Wśród osób związanych z Lechem trwa dyskusja. Jak trener powinien był postąpić w Lizbonie – wystawić pierwszy skład, czy skorzystać ze zmienników? A co z meczem z Rangersami, po którym też trzeba zagrać w lidze? Czy w czwartek znów zobaczymy w akcji zaplecze pierwszej drużyny? Nie byłoby tych wątpliwości, gdyby Lech miał większe grono zawodników, których można pokazać w Europie.
Trener Dariusz Żuraw twierdzi, że nie oszczędzał czołowych swych graczy na mecz z Podbeskidziem. Dał im odpocząć tylko dlatego, że byli wyczerpani po zwycięskich zmaganiach w Lechią. Spotkanie w Gdańsku było nerwowe i zacięte, ale nie toczyło się w oszałamiającym tempie. Jeżeli zawodnicy byli zmęczeni, to nie po tym jednym meczu, ale po wielu rozegranych tej jesieni.
Do zmienników uśmiechnął się w Lizbonie los. Mogli się pokazać na kultowym stadionie, zapisać w pamięci nie tylko na własnej. Zagrać tak, jak przed laty ich poprzednicy mierzący się z uznanymi markami, walczący z nimi jak równy z równym. Nie skorzystali z tego jednak. Nie postawili się Benfice. Na tym właśnie polega nieszczęście. Lech nie tylko nie ma wielu klasowych piłkarzy. Brakuje mu przede wszystkim ludzi z charakterem. Takich, bez których nie byłoby słynnych pojedynków z Barceloną, Udinese, Feyenoordem, Juventusem, Manchesterem City.
Kto powinien ubrać koszulkę Lecha w czwartek? Odpowiedź jest oczywista. Tacy, którzy zagrają, a nie wystąpią. W Glasgow Lech nie poddał się przed meczem. Gdyby nie okres dominacji gospodarzy, podczas którego zdobyli zwycięską bramkę, wykorzystując słabość Lechowej obrony, można byłoby liczyć na jakąś zdobycz. Kolejorz toczył całkiem wyrównaną walkę, narobił Rangersom problemów. Podobnie powinno być teraz, bez względu na to, czy trener wymieni dziewięciu graczy, czy tylko dwóch.
Pytanie tylko, czy Lech znajdzie siły, także mentalne, by powalczyć. Wiele mu teraz brakuje do tego, co oglądaliśmy jeszcze w październiku, gdy grał z polotem, potrafił rozmontować każdą defensywę. Gdzieś to się ulotniło.
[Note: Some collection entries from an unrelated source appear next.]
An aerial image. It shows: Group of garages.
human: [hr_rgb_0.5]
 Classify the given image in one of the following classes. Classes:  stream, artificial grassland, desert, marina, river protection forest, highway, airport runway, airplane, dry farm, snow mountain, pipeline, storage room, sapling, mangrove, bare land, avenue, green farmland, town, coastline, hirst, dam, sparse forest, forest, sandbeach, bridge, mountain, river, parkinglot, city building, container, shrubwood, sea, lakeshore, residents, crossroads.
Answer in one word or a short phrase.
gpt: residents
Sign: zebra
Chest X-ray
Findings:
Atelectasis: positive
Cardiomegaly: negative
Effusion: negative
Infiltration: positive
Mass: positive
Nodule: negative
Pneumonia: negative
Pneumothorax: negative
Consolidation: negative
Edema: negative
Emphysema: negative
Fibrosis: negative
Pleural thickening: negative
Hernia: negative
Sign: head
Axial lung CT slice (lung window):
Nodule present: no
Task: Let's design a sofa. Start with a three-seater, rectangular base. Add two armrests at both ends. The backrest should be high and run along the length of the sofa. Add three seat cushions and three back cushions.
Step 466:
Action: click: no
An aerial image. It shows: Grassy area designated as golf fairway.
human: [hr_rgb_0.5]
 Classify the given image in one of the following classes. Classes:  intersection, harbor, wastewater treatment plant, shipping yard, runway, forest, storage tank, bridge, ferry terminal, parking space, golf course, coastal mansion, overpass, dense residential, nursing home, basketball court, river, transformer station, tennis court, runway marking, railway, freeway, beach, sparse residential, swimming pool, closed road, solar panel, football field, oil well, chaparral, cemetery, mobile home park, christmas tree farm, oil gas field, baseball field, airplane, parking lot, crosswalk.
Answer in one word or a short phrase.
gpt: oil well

Dwa mecze ligowe wygrał, ale w każdym dopisało mu szczęście. W Gdańsku mógł stracić bramkę po rzucie rożnym (zdaniem niektórych – stracił ją, piłka linię przekroczyła), zwycięską zdobył z rzutu karnego w końcówce. Podbeskidzie samo strzelało sobie gole. Bez pomocy gości Lech też by wygrał, ale kosztem większego wysiłku. Widzieliśmy, co spowodowały zmiany wprowadzone w drugiej połowie.
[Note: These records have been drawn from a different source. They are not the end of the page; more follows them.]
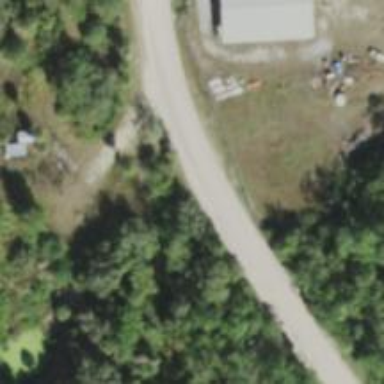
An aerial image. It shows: Abandoned railway adjacent to unclassified road.
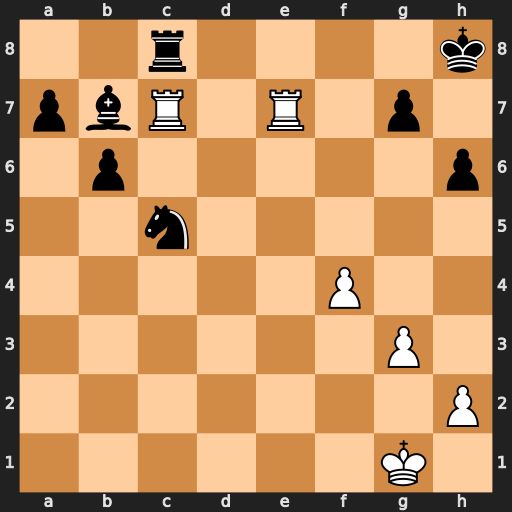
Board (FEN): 2r4k/pbR1R1p1/1p5p/2n5/5P2/6P1/7P/6K1
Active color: w
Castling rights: -
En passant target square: -
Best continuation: Rxc8+ Bxc8 Re8+ Kh7 Rxc8
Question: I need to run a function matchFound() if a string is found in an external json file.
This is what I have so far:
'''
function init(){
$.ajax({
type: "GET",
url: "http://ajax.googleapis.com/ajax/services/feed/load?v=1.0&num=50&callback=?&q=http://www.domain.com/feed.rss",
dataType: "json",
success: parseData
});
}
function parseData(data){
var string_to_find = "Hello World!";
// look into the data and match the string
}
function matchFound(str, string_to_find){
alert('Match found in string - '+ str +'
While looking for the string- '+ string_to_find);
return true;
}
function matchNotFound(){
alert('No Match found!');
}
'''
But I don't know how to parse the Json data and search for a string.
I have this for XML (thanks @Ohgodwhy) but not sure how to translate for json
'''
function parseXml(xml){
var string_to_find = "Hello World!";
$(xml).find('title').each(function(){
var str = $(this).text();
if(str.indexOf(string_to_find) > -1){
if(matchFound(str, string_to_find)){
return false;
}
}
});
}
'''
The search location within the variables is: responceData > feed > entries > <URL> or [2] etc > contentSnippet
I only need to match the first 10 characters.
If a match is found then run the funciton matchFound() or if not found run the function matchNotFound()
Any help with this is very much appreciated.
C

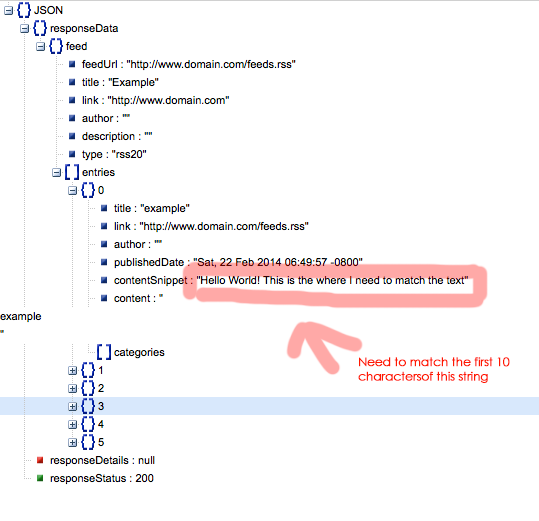
Answer: you have to iterate json recursively and then search for the string
'''
function parseData(data){
var string_to_find = "Hello World!";
var is_found = iterate(data , string_to_find);
if(is_found === true){
matchFound(JSON.stringify(data), string_to_find);
}else{
matchNotFound(string_to_find);
}
// look into the data and match the string
}
function iterate(obj , string_to_find) {
for(var key in obj) { // iterate, 'key' is the property key
var elem = obj[key]; // 'obj[key]' is the value
console.log(elem, string_to_find);
if(typeof(elem)=="string" && elem.indexOf(string_to_find)!==-1) {
return true;
}
if(typeof elem === "object") { // is an object (plain object or array),
// so contains children
return iterate(elem , string_to_find); // call recursively
}
}
}
'''

Samo myślenie o tym, co ich jeszcze czeka, potrafi zniechęcić piłkarzy Lecha do walki. Po meczu czwartkowym trzeba w niedzielę grać w Mielcu. Stal nie odbiega klasą od innych beniaminków, ale zmieniła trenera i potrafi narobić problemów. Tym bardziej, że obronę ma lepszą niż ostatni przeciwnik. Po trzech dniach ciąg dalszy odrabiana strat. W środę do Poznania przyjedzie Pogoń. A po kilku dniach trzeba grać z Wisłą, która jest teraz słaba, ale postawi twardy opór.
Lech znalazł się w takiej sytuacji, że wszystkie personalne kroki trenera będą traktowane jako akcja ratunkowa. Nie ma mowy o szukaniu najlepszego wariantu, zwiększaniu siły drużyny. Trzeba uwzględniać zmęczenie, liczyć się z możliwościami, wygrywać jak niższym nakładem sił, bynajmniej nie z powodu lenistwa.
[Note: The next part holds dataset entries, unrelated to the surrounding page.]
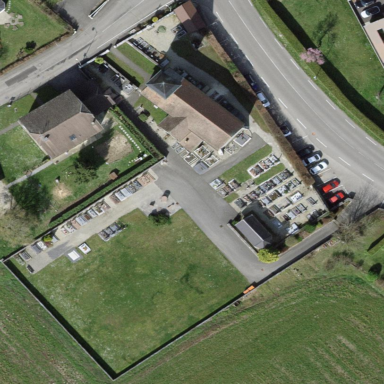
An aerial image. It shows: Cemetery.
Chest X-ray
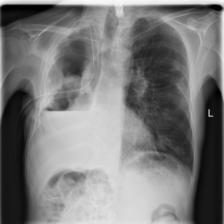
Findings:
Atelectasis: negative
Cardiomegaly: negative
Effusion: negative
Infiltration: negative
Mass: negative
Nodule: negative
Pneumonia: negative
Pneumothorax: negative
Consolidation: negative
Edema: negative
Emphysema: negative
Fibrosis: negative
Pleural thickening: negative
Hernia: positive
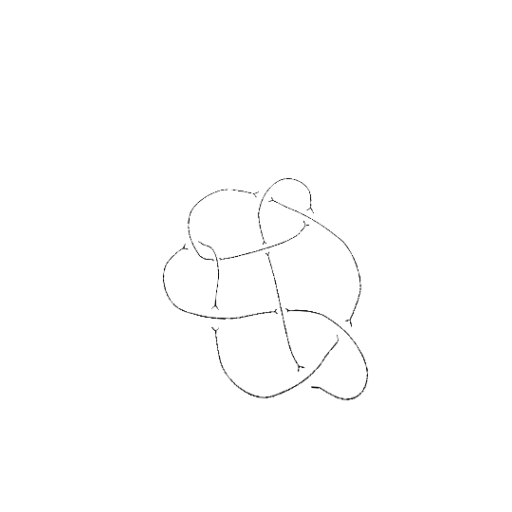
Crossing number: 9
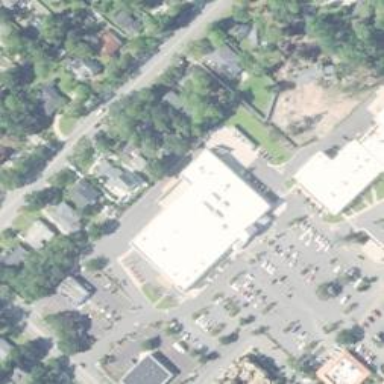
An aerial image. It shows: Supermarket.
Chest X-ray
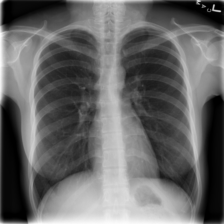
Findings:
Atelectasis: negative
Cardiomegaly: negative
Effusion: negative
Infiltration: negative
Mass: negative
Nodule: negative
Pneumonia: negative
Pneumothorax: negative
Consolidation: negative
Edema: negative
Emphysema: negative
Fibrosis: negative
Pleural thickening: negative
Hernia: negative
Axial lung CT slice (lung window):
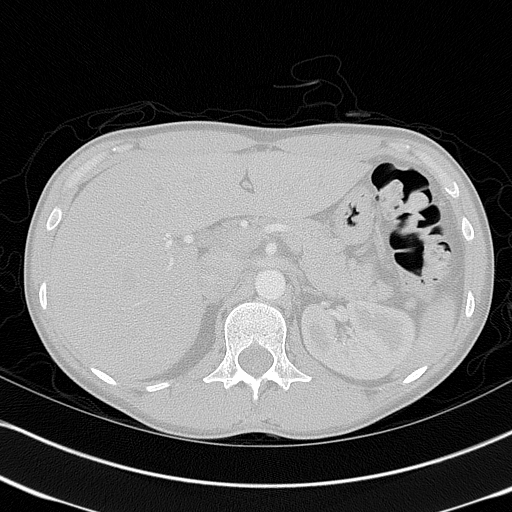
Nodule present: no
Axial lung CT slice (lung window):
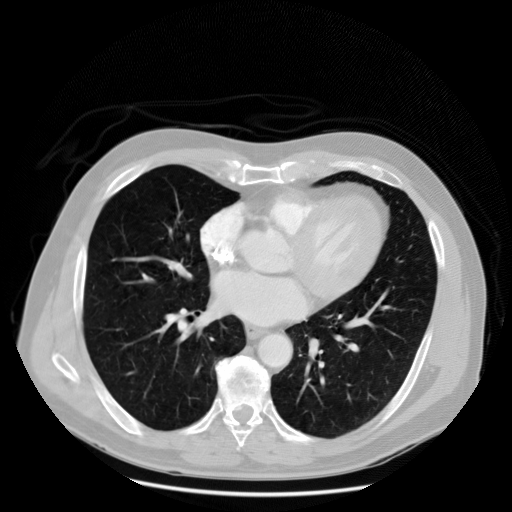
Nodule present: no
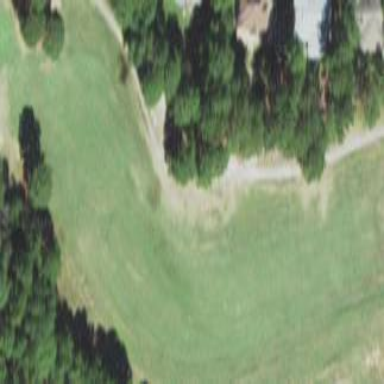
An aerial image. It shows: Grassy area designated as golf fairway.
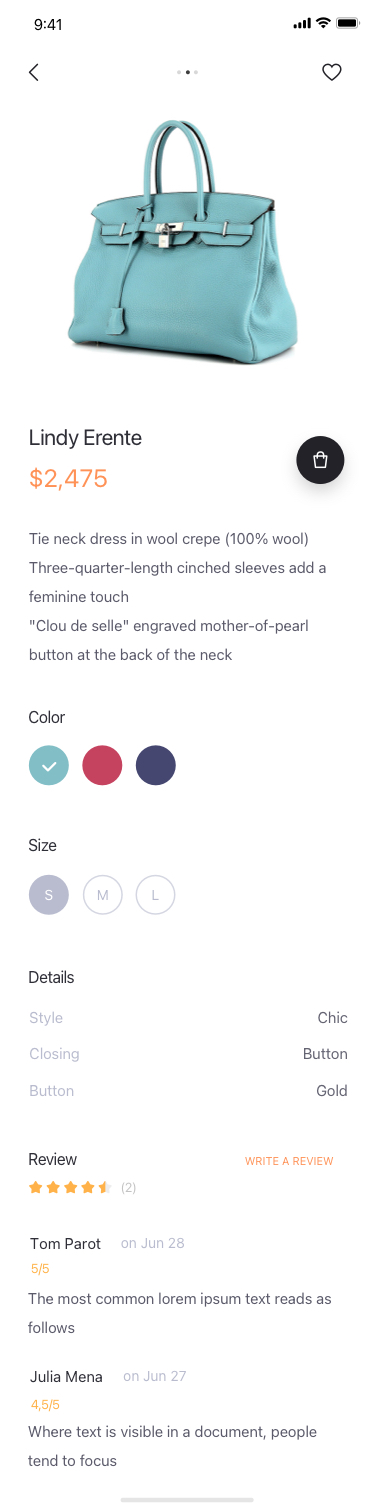
Text in this UI design:
(2)
Lindy Erente
$2,475
Where text is visible in a document, people tend to focus
Julia Mena
on Jun 27
4,5/5
The most common lorem ipsum text reads as follows
Tom Parot
on Jun 28
5/5
Write a review
Review
Button
Gold
Closing
Button
Style
Chic
Details
Size
S
M
L
Color
Tie neck dress in wool crepe (100% wool)
Three-quarter-length cinched sleeves add a feminine touch
"Clou de selle" engraved mother-of-pearl button at the back of the neck
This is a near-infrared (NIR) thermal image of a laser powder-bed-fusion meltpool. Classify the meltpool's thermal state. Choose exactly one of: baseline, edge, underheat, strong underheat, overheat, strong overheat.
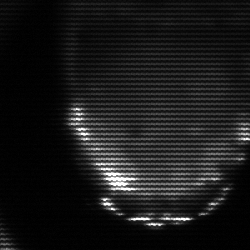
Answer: edge
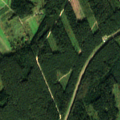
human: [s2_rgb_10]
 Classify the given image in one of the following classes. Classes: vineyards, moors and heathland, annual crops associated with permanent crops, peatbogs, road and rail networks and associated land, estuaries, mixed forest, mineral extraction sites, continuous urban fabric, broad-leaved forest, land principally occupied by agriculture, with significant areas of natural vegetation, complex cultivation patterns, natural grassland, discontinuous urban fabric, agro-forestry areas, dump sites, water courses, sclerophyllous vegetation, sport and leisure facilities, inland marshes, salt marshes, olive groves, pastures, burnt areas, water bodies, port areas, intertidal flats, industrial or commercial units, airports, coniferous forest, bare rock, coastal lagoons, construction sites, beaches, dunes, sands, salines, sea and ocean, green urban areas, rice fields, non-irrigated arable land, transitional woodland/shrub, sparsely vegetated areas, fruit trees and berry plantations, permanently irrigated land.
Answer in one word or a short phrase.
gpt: complex cultivation patterns, land principally occupied by agriculture, with significant areas of natural vegetation, coniferous forest, mixed forest
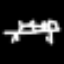
Label: bed
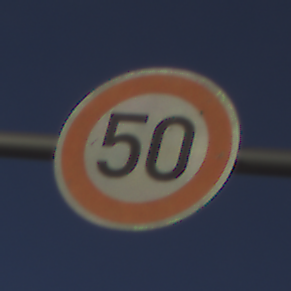
Verkehrszeichen: Geschwindigkeit50
Umgebung: Outdoor, Nature
Tageszeit: SunriseSunset
Wetter: PartlyCloudy
Licht: Natural
Jahreszeit: NotSpecified
Kontrast: HighContrast
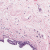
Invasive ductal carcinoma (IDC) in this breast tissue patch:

Gdyby piłkarze Lecha byli w normalnej dyspozycji, nie mieliby dużych kłopotów z wygraniem tegorocznych meczów ligowych. Żaden z nich nie zagra we wszystkich, konieczne są zmiany, a w przypadku Lecha są one zmianami tylko na gorsze. Zimą wzbogaci się o nowych zawodników, powiększy kadrę. Ciekawe, czy przy tej okazji poprawi jej jakość.